# AHHH! She can't really be 28 lbs!



## Sara (Oct 5, 2007)

I measured Peanut, new doe, 2 years old. Her girth is 22 inches, good but a little small, I look it up on the weight chart and she's.... TWENTY-EIGHT POUNDS?!?!?!? This can't be right.... And Visa would be about 38. This cannot be right.

HELP!?


----------



## Muddy Creek Farm (Oct 5, 2007)

I took a scale and weighed myself and then held all of the goats (yes even adults...) and weighed them to give them some wormer. I just feel it is more accurate than the tape...


----------



## Sara (Oct 5, 2007)

Ok good. Cause that really can't be O_O


----------



## Muddy Creek Farm (Oct 5, 2007)

LOL If I remember right my 5 month old doe weighs 28 pounds :lol:


----------



## Sara (Oct 5, 2007)

Yes but this is a 2 year old, second freshener. Well she will be when she kids this time. I'm shocked.


----------



## Muddy Creek Farm (Oct 5, 2007)

Oh I know, there is no way they could be that teeny tiny at two years old...


----------



## Sara (Oct 5, 2007)

I hope not, I mean she's smaller than Holly but not by that much....


----------



## StaceyRosado (Oct 5, 2007)

weight tapes are not effective on the small breeds.

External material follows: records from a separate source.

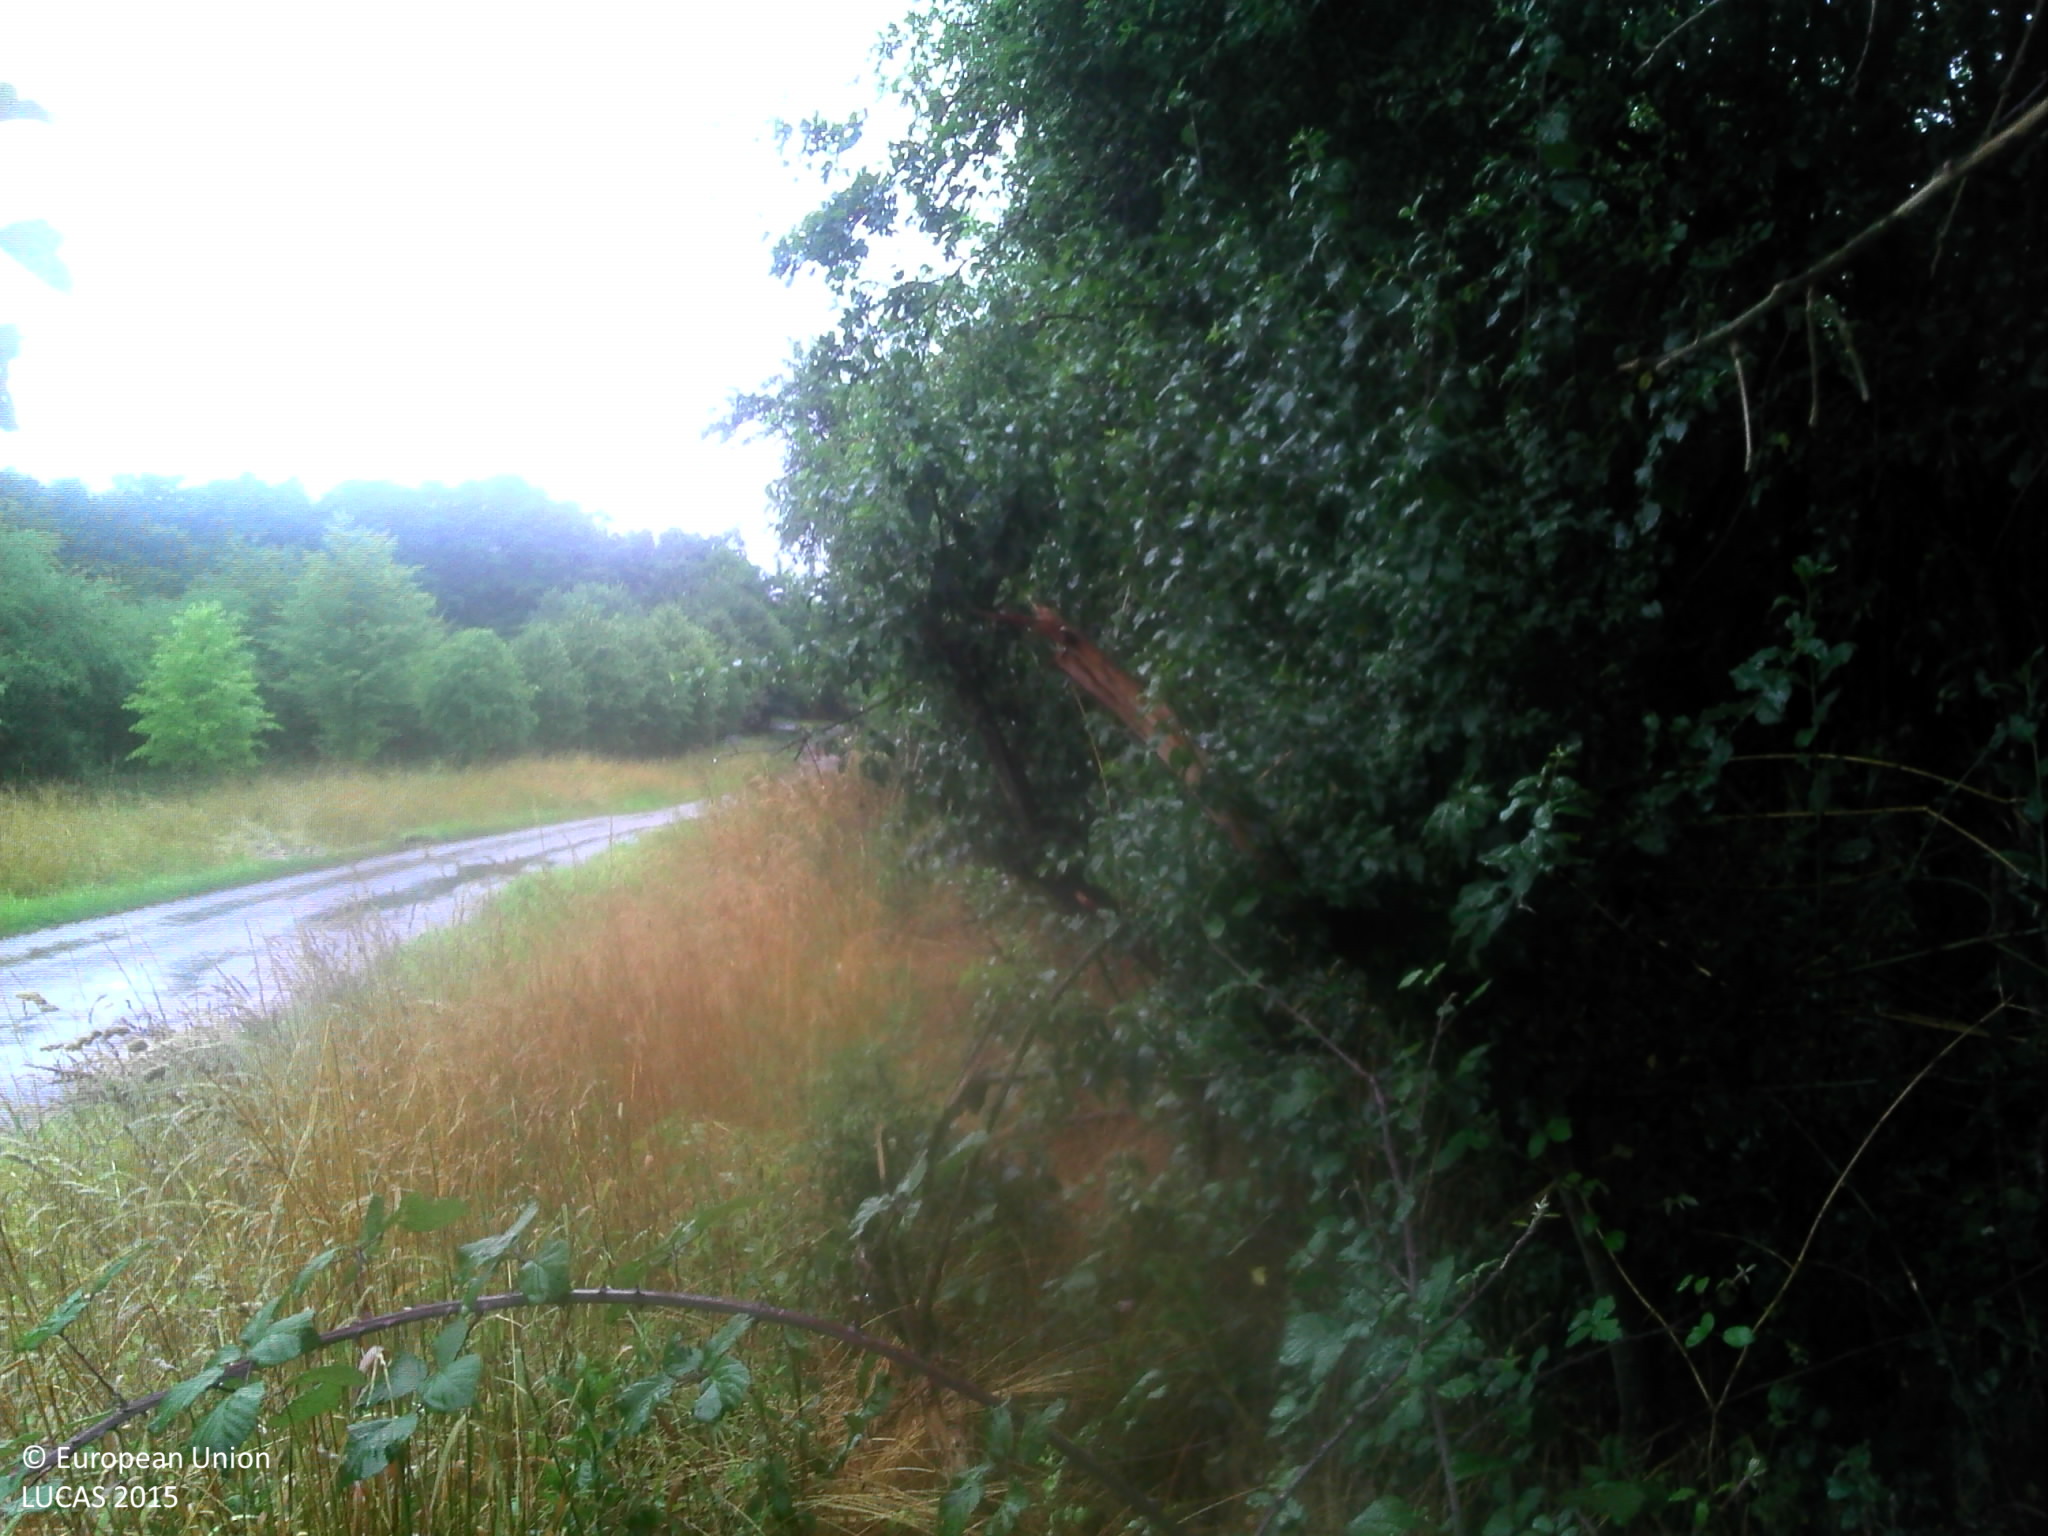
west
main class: Woodland
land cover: Broadleaved woodland
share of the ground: > 75 %
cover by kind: broadleaved forest trees 100 %
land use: Semi-natural and natural areas not in use
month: July
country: BE
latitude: 50.1687
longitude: 4.6903
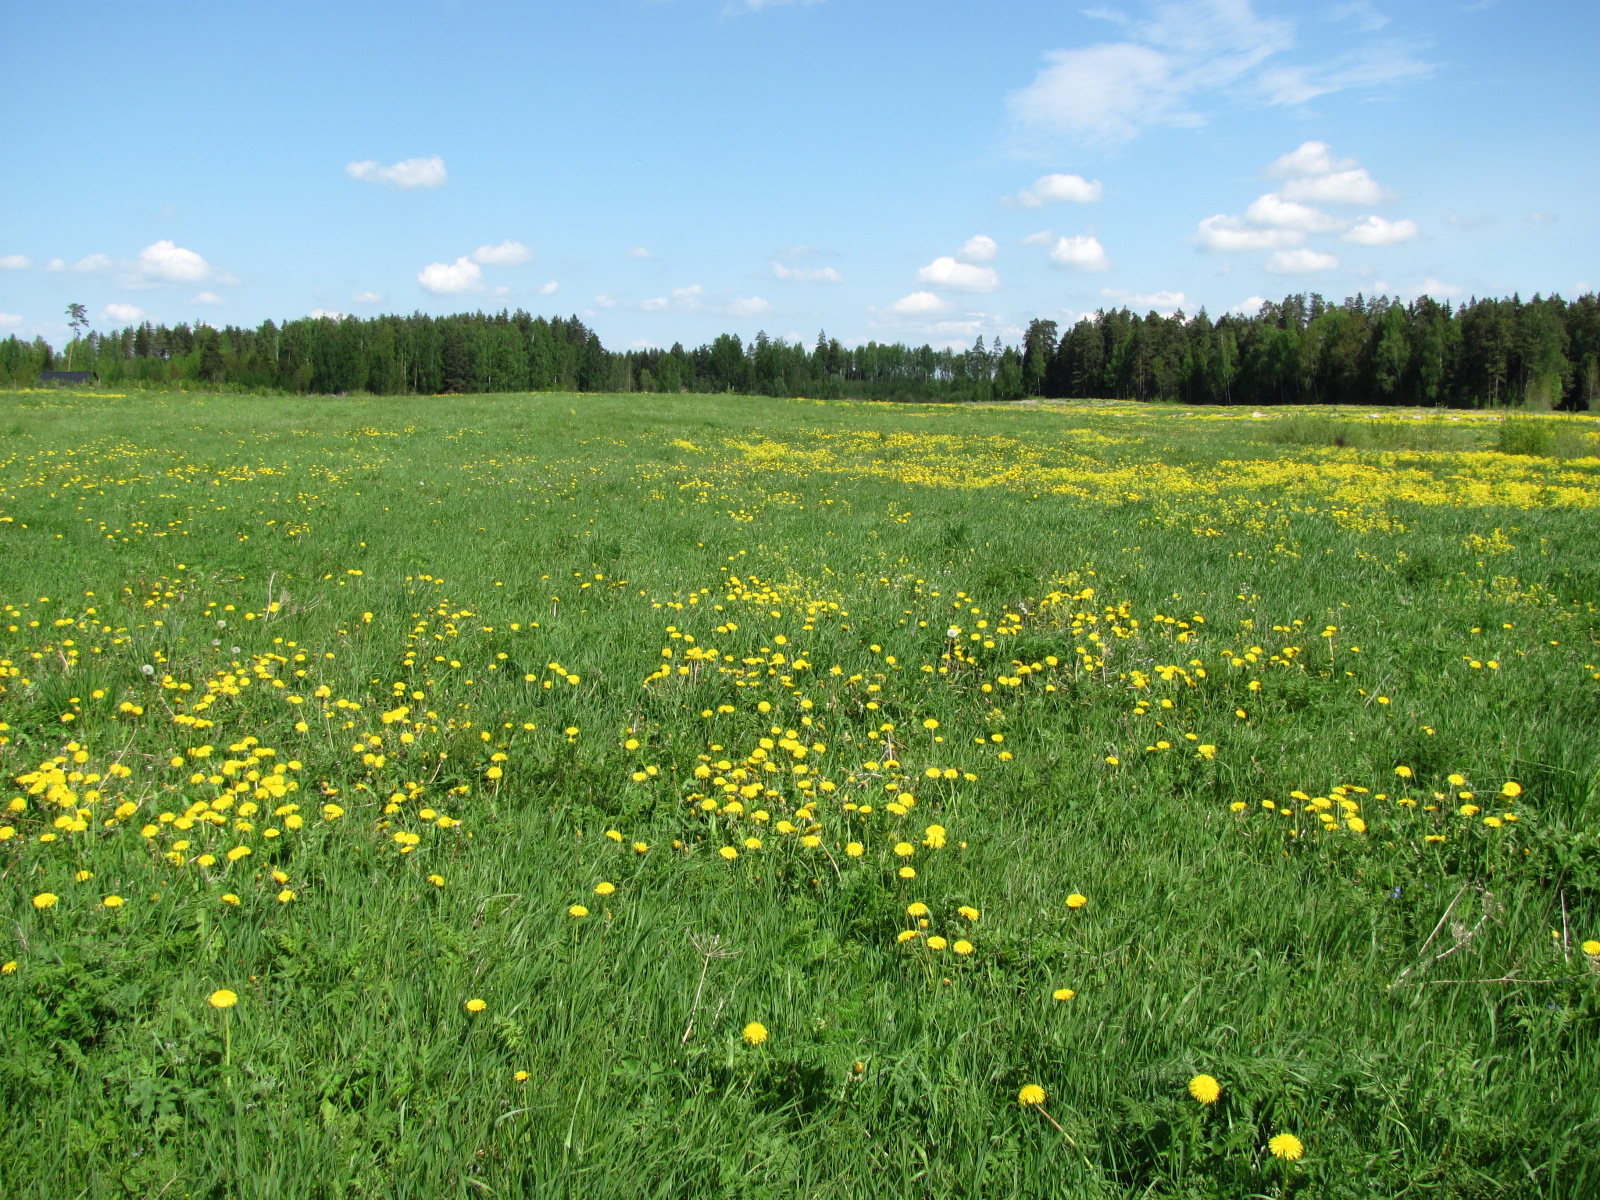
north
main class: Grassland
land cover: Grassland without tree/shrub cover
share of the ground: > 75 %
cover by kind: herbaceous plants 100 %
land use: Agriculture (excluding fallow land and kitchen gardens)
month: May
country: LV
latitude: 56.7951
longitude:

You need to measure and calculate: heart girth X heart girth X length divided by 300 = weight in pounds.


----------



## Muddy Creek Farm (Oct 5, 2007)

Ahh that is cool Stacey - you learn something new every day!


----------



## enjoytheride (Oct 5, 2007)

Weight tapes aren't effective for Boers either-All the charts I've seen are for standard dairy. Wouldn't mind someone making a meat goat tape.


----------



## Shazzy (Oct 16, 2007)

I did find a pygmy one though. Let me see if I can dig it up:
http://www.smartzville.com/goats/goats.htm
Although if you're raising NDs, neither of them should work! Guess you're outta luck.


----------



## Sweet Gum Minis (Oct 6, 2007)

I don't use weight tapes either. Don't seem close enough for me.


----------



## ilroost (Oct 7, 2007)

muddy creek i do the same as you i weigh myself then pick up the goat to get the weights for worming,but that always depresses me as to how much i weigh lol


----------



## Muddy Creek Farm (Oct 5, 2007)

LOL, I know it isn't the quickest or easiest way to do things. But hey it works for me! :greengrin:


----------



## PACE (Oct 8, 2007)

I got a scale just to weigh the goats with. I, too, weigh myslef then pick the goat up and get their weight... it worked well enough for a while, while my little darling were... well, little lol. Last time I tried to do it I nearly broke my back. I'm not the strongest person in the world and now that Melino weighs 90 pounds, almost as much as me, I've resorted to the weight tape heehee. Pace and Shanti I still pick up. They are each about 60 pounds. The tape said Pace was 55 and shanti was 70, so it was fairly close...


----------



## Shazzy (Oct 16, 2007)

I like the scale best, but I can't use it on my doe anymore. Last time I did it, I almost broke my back picking er up and walking to the scale, with her squirming all around. THen when I got on the scale, I couldn't see over her to read it! :doh: Turned out from the weight tape she was 80 lbs. But I have my doubts of the accuracy of a weight tape - half the time I measure her 5 min. apart to check it and it is an inch off. Mabye I am not doing it right? Plus, lots of goats are longer than each other. Has anyone tried both and want to comment?


----------